Methods: We adapted EMOD-HIV, an HIV agent-based network transmission model previously calibrated and validated for the Nyanza region of western Kenya. Building on the model's pre-existing configuration of marriages, mortality, and widowhood, we added widow cleansing and wife inheritance with assumptions based on literature. Modeled HIV prevalence among inherited widows was validated to match observed data. We modeled the effect of widowed women, cleansers, and inheritors receiving biomedical HIV interventions (testing, treatment for those tested positive, and 1 year of pre-exposure prophylaxis (PrEP) initiated at cleansing for those tested negative) with or without structural interventions (female empowerment). We modeled low (30%) and high (70%) intervention uptake and reported HIV outcomes including cumulative infections over 2025-2050.

Results: Modeled HIV prevalence among inherited widowed women was 59.8% (95% CI: 59.5-60.2%), comparable to observed prevalence of 64.1% (95% CI: 63.2-65.4%). Among all widowed women, biomedical interventions averted 2.0% (95% CI: 1.3-2.6%) of HIV infections with low uptake and 2.6% (95% CI: 2.0-3.2%) with high uptake. Combined biomedical and structural interventions averted 7.8% (95% CI: 7.2-8.4%) of HIV infections with low uptake and 16.1% (95% CI: 15.5-16.6%) with high uptake. Impacts were smaller for men, e.g., high-uptake structural and biomedical interventions averted 1.8% (95% CI: 1.5-2.2%) of infections among cleansers and 2.7% (95% CI: 2.4-3.0%) among inheritors.

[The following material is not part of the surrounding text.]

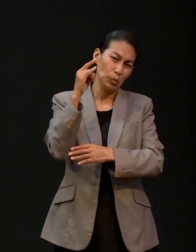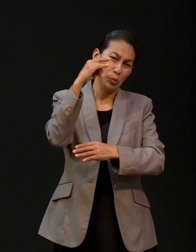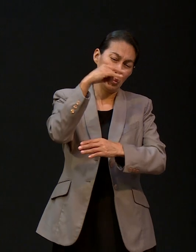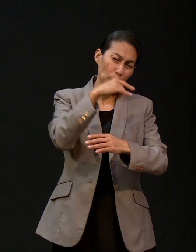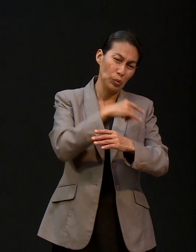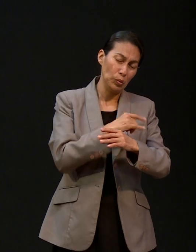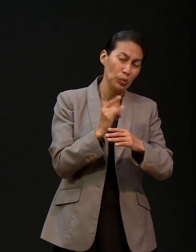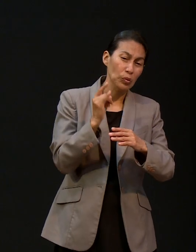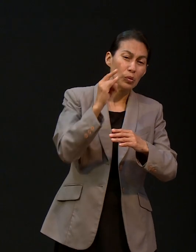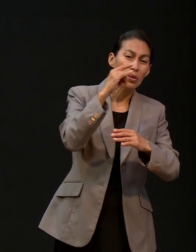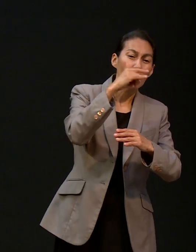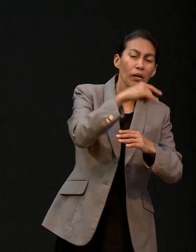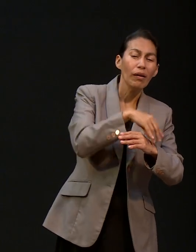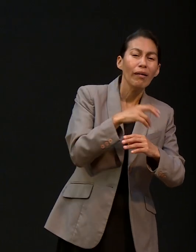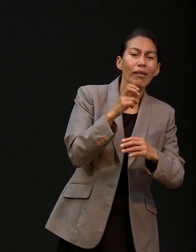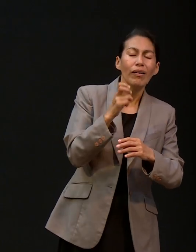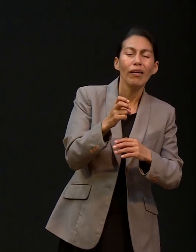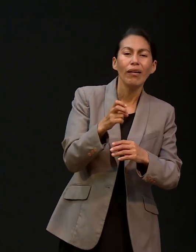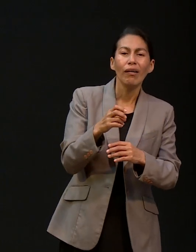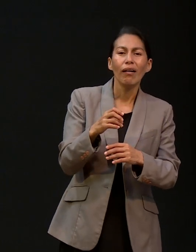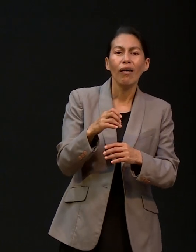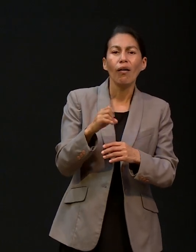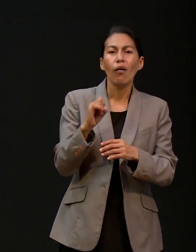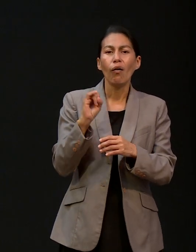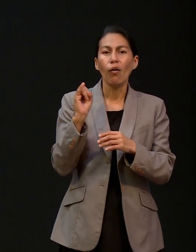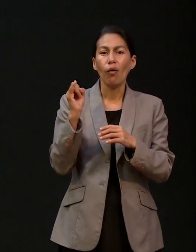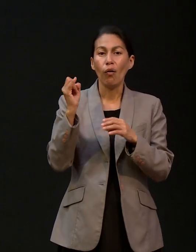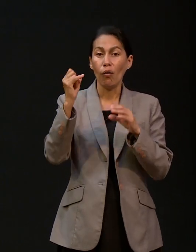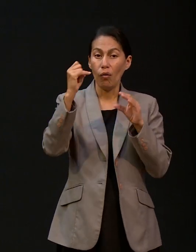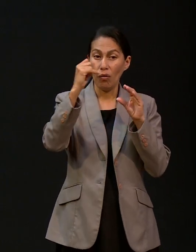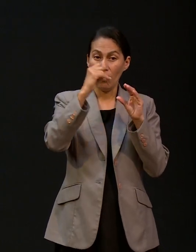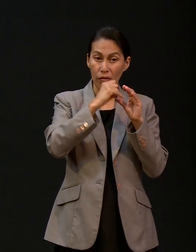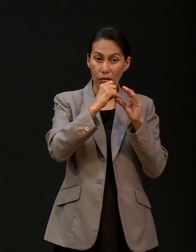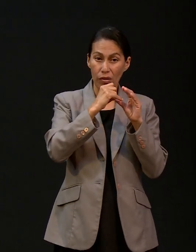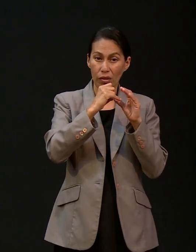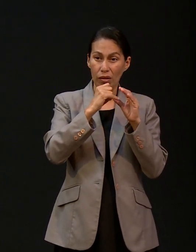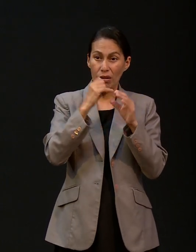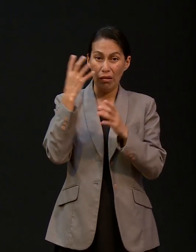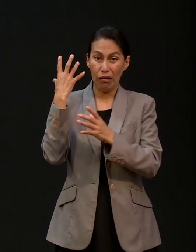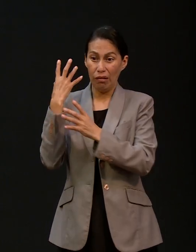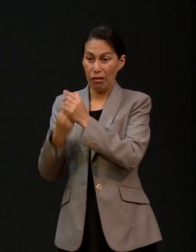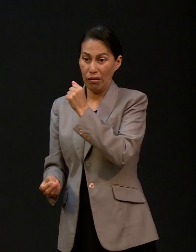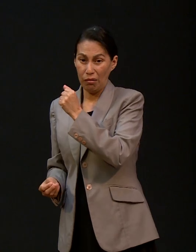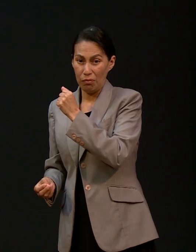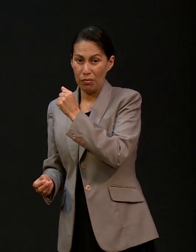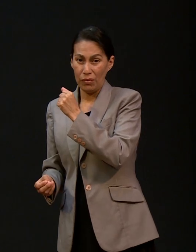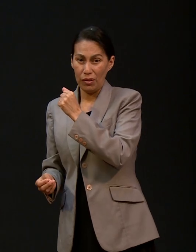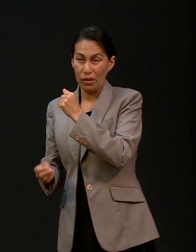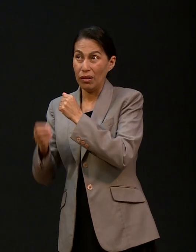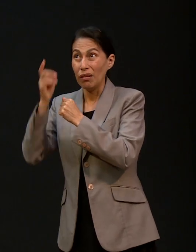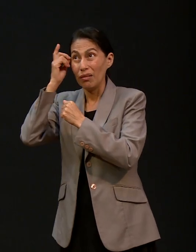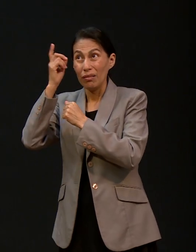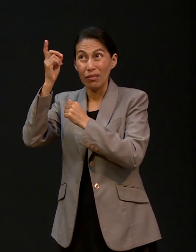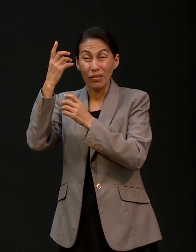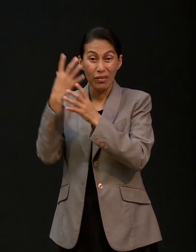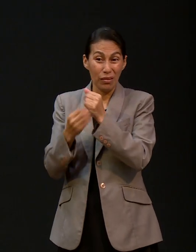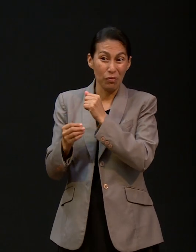Dios pero Dios no lo dejaba y Dios dice envió un gran pez dice el versículo uno del capítulo dos

Conclusions: Widowed women are a vulnerable population with extremely high HIV prevalence. Combined biomedical and structural interventions focused on the practice of widow cleansing and wife inheritance have the potential to avert up to one-quarter of HIV infections among widowed women, and a smaller proportion among men participating in these practices.